11. ANE, GPU, and CPU

The engine is faster and more efficient on convolution, vision, short-sequence attention, and mid-size matrix multiply, running a sixteen-deep convolution stack about 4.2 times faster than the GPU at about 13 times the energy efficiency on the M5. The GPU is about 2.8 times faster on large square matrix multiply, long-sequence attention, and bandwidth-bound decode. The CPU is fastest on the trivial operations that fall below the 0.23 ms dispatch floor. Serving moves the line: the GPU overtakes the engine on a batched encoder block near a batch of 23 and on self-attention near a batch of 6.

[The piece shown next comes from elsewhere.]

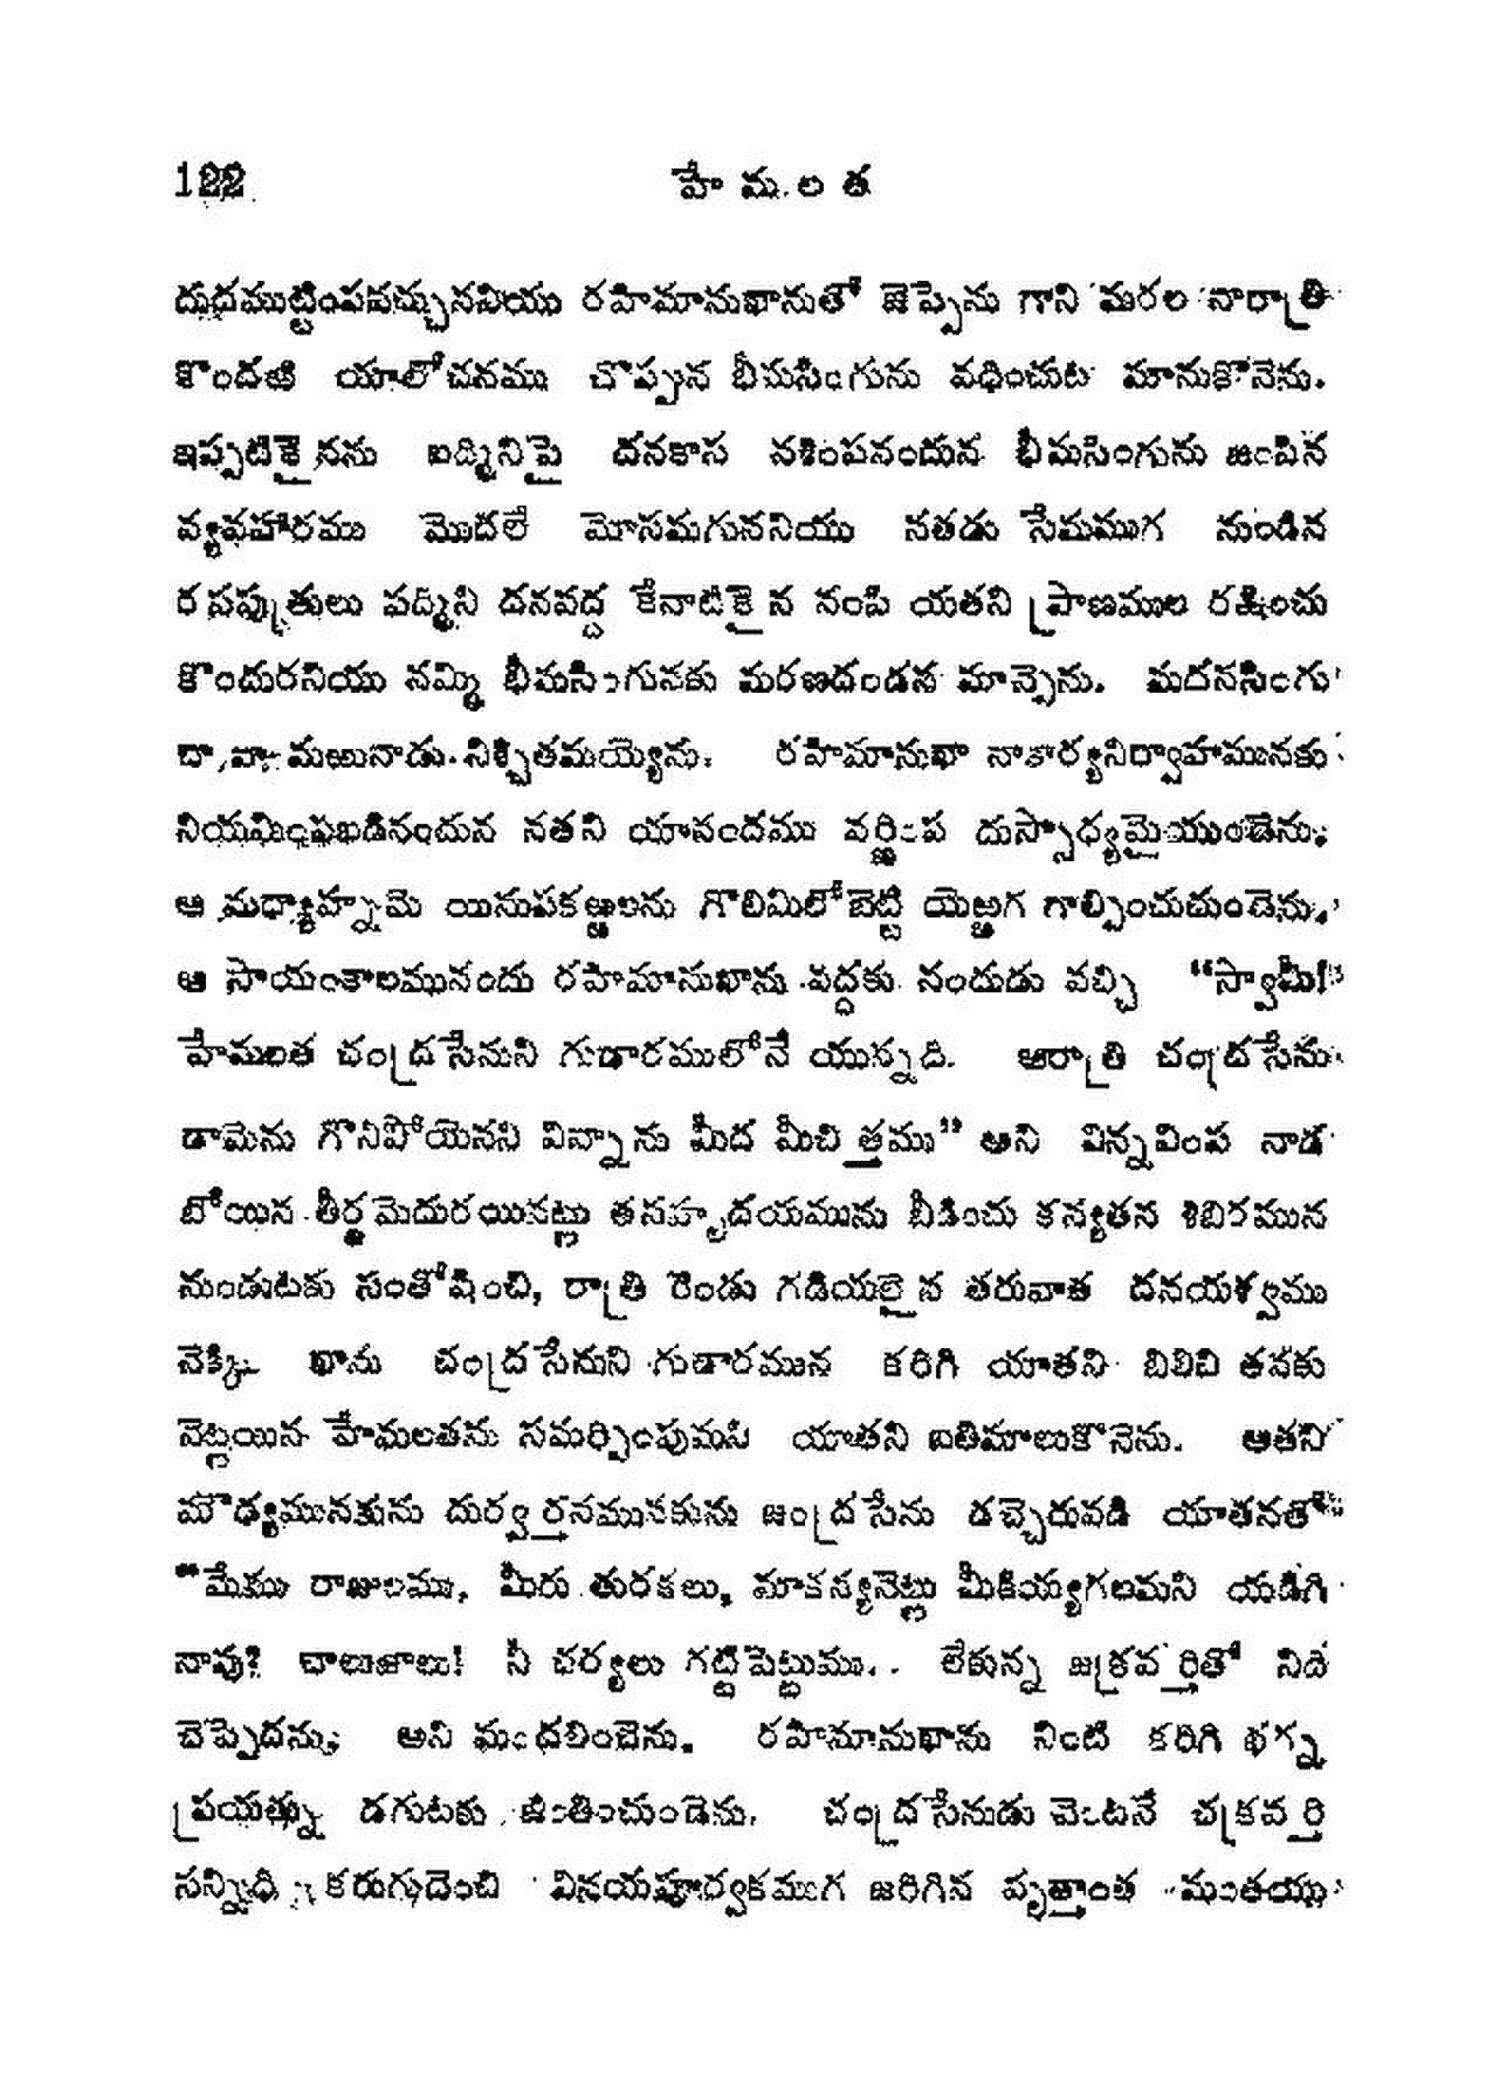దుదముట్టింపవచ్చుననియు రహిమానుఖానుతో జెప్పెను గాని మరల నారాత్రి కొందఱి యాలోచనము చొప్పున భీమసింగును వధించుట మానుకొనెను. ఇప్పటికైనను బద్మినిపై దనకాస నశింపనందున భీమసింగును జంపిన వ్యవహారము మొదలే మోసమగుననియు నతడు సేమముగ నుండిన రసపుత్రులు పద్మిని దనవద్ద కేనాటికైన నంపి యతని ప్రాణముల రక్షించు కొందురనియు నమ్మి భీమసింగునకు మరణదండన మాన్పెను. మదనసింగు చావా మఱునాడు నిశ్చితమయ్యెను. రహిమానుఖా నాకార్యనిర్వాహమునకు నియమింపబడినందున నతని యానందము వర్ణింప దుస్సాధ్యమైయుండెను. ఆ మధ్యాహ్నమె యినుపకఱ్ఱలను గొలిమిలోబెట్టి యెఱ్ఱగ గాల్పించుచుండెను. ఆ సాయంకాలమునందు రహిమానుఖాను వద్దకు నందుడు వచ్చి “స్వామీ! హేమలత చంద్రసేనుని గుడారములోనే యున్నది. ఆరాత్రి చంద్ర సేనుడామెను గొనిపోయెనని విన్నాను. మీద మీచిత్తము” అని విన్నవింప నాడబోయిన తీర్థ మెదురయినట్లు తనహృదయమును బీడించు కన్యతన శిబిరమున నుండుటకు సంతోషించి, రాత్రి రెండు గడియలైన తరువాత దనయశ్వము నెక్కి ఖాను చంద్రసేనుని గుడారమున కరిగి యాతని బిలిచి తనకు నెట్లయిన హేమలతను సమర్పింపుమని యాతని బతిమాలుకొనెను. ఆతని మౌఢ్యమునకును దుర్వర్తనమునకును జంద్రసేను డచ్చెరువడి యాతనతో “మేము రాజులము, మీరు తురకలు, మాకన్యనెట్లు మీకియ్యగలమని యడిగినావు? చాలుజాలు! నీ చర్యలు గట్టిపెట్టుము. లేకున్న జక్రవర్తితో నిది చెప్పెదను; అని మందలించెను. రహిమానుఖాను నింటి కరిగి భగ్న ప్రయత్ను డగుటకు జింతించుచుండెను. చంద్రసేనుడు వెంటనే చక్రవర్తి సన్నిధి కరుగుదెంచి వినయపూర్వకముగ జరిగిన వృత్తాంత మంతయు

A workload on an Apple system on chip has no single fastest processor. It has three candidates, and the right one depends on the form of the work. This chapter maps which of the engine, GPU, and CPU leads on which class of work, on raw speed and on energy per result, from a single harness across sixteen workload classes on the same silicon. The map is two-dimensional: a processor can lead on latency, on energy, on both, or on neither.

Form of the map

The engine is the efficiency processor for convolution and vision, and a low-latency processor for encoders at low to moderate batch. The GPU is the throughput processor for large square matrix multiply and for the bandwidth-bound work of autoregressive decode. The CPU collects the work too small for either, where dispatching to an accelerator costs more than the arithmetic.

Where the engine leads

The engine is faster and more efficient on convolution, convolution stacks, stencil-like fixed-iteration numerics, short-sequence attention, and mid-size matrix multiply. The convolution stack leads the set: a sixteen-deep stack of 3x3 convolutions at 256 channels runs about 4.2 times faster than the GPU and at about 13 times its energy efficiency on the M5 generation. On the M1 generation it runs about 2 times faster and at 14.5 times the GPU's efficiency, the widest power gap in the set. A five-point stencil iterated thirty-two times as one fused graph runs about 10 times faster and at about 49 times the GPU's efficiency on the M5, because the fixed-iteration graph amortizes the per-dispatch floor across every step. Short-sequence attention, a transformer block at sequence length 197, is fastest, most efficient, and most accurate in fp16 on the engine.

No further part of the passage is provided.